■ Task brief: The records below need copying. Match each line exactly.

■ Task input:
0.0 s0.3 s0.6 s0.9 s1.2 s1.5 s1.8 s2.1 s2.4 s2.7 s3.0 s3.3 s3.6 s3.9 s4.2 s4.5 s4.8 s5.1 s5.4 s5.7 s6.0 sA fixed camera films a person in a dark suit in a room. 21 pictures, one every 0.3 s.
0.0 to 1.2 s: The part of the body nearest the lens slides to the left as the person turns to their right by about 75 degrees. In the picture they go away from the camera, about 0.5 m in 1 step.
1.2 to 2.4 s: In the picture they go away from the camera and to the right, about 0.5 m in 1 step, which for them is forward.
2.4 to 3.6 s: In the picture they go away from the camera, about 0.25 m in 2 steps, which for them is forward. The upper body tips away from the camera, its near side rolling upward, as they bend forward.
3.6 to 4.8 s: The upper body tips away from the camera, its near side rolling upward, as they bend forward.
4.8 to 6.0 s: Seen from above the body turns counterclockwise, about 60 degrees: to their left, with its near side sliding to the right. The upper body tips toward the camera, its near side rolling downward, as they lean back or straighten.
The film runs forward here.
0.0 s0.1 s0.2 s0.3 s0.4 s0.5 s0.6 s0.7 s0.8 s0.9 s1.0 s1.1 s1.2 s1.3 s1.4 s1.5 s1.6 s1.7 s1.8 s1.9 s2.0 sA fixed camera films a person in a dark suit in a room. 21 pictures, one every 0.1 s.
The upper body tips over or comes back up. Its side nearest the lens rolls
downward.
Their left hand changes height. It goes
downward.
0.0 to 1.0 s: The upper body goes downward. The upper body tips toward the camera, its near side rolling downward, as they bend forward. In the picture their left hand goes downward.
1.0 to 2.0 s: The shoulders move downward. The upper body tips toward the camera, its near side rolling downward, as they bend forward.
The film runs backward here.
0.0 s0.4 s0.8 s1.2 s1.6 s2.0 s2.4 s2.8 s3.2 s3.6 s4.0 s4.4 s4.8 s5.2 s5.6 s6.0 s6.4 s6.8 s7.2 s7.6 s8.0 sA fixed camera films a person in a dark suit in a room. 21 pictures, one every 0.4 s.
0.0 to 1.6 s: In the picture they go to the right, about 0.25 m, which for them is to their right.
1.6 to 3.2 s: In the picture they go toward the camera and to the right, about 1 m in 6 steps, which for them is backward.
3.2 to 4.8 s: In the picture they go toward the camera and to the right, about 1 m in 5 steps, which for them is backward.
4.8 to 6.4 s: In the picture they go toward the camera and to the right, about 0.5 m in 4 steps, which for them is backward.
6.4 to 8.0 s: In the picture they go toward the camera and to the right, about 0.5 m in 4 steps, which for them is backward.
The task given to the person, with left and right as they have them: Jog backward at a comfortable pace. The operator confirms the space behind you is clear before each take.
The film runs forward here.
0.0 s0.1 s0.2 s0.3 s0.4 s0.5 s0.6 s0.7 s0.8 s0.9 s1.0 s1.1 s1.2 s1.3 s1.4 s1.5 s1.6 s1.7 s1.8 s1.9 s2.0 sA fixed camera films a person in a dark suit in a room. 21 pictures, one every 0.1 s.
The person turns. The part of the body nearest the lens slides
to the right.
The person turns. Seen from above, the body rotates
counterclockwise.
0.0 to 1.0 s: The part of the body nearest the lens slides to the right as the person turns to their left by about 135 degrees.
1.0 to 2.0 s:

■ Completed task:
0.0 s0.3 s0.6 s0.9 s1.2 s1.5 s1.8 s2.1 s2.4 s2.7 s3.0 s3.3 s3.6 s3.9 s4.2 s4.5 s4.8 s5.1 s5.4 s5.7 s6.0 sA fixed camera films a person in a dark suit in a room. 21 pictures, one every 0.3 s.
0.0 to 1.2 s: The part of the body nearest the lens slides to the left as the person turns to their right by about 75 degrees. In the picture they go away from the camera, about 0.5 m in 1 step.
1.2 to 2.4 s: In the picture they go away from the camera and to the right, about 0.5 m in 1 step, which for them is forward.
2.4 to 3.6 s: In the picture they go away from the camera, about 0.25 m in 2 steps, which for them is forward. The upper body tips away from the camera, its near side rolling upward, as they bend forward.
3.6 to 4.8 s: The upper body tips away from the camera, its near side rolling upward, as they bend forward.
4.8 to 6.0 s: Seen from above the body turns counterclockwise, about 60 degrees: to their left, with its near side sliding to the right. The upper body tips toward the camera, its near side rolling downward, as they lean back or straighten.
The film runs forward here.
0.0 s0.1 s0.2 s0.3 s0.4 s0.5 s0.6 s0.7 s0.8 s0.9 s1.0 s1.1 s1.2 s1.3 s1.4 s1.5 s1.6 s1.7 s1.8 s1.9 s2.0 sA fixed camera films a person in a dark suit in a room. 21 pictures, one every 0.1 s.
The upper body tips over or comes back up. Its side nearest the lens rolls
downward.
Their left hand changes height. It goes
downward.
0.0 to 1.0 s: The upper body goes downward. The upper body tips toward the camera, its near side rolling downward, as they bend forward. In the picture their left hand goes downward.
1.0 to 2.0 s: The shoulders move downward. The upper body tips toward the camera, its near side rolling downward, as they bend forward.
The film runs backward here.
0.0 s0.4 s0.8 s1.2 s1.6 s2.0 s2.4 s2.8 s3.2 s3.6 s4.0 s4.4 s4.8 s5.2 s5.6 s6.0 s6.4 s6.8 s7.2 s7.6 s8.0 sA fixed camera films a person in a dark suit in a room. 21 pictures, one every 0.4 s.
0.0 to 1.6 s: In the picture they go to the right, about 0.25 m, which for them is to their right.
1.6 to 3.2 s: In the picture they go toward the camera and to the right, about 1 m in 6 steps, which for them is backward.
3.2 to 4.8 s: In the picture they go toward the camera and to the right, about 1 m in 5 steps, which for them is backward.
4.8 to 6.4 s: In the picture they go toward the camera and to the right, about 0.5 m in 4 steps, which for them is backward.
6.4 to 8.0 s: In the picture they go toward the camera and to the right, about 0.5 m in 4 steps, which for them is backward.
The task given to the person, with left and right as they have them: Jog backward at a comfortable pace. The operator confirms the space behind you is clear before each take.
The film runs forward here.
0.0 s0.1 s0.2 s0.3 s0.4 s0.5 s0.6 s0.7 s0.8 s0.9 s1.0 s1.1 s1.2 s1.3 s1.4 s1.5 s1.6 s1.7 s1.8 s1.9 s2.0 sA fixed camera films a person in a dark suit in a room. 21 pictures, one every 0.1 s.
The person turns. The part of the body nearest the lens slides
to the right.
The person turns. Seen from above, the body rotates
counterclockwise.
0.0 to 1.0 s: The part of the body nearest the lens slides to the right as the person turns to their left by about 135 degrees.
1.0 to 2.0 s:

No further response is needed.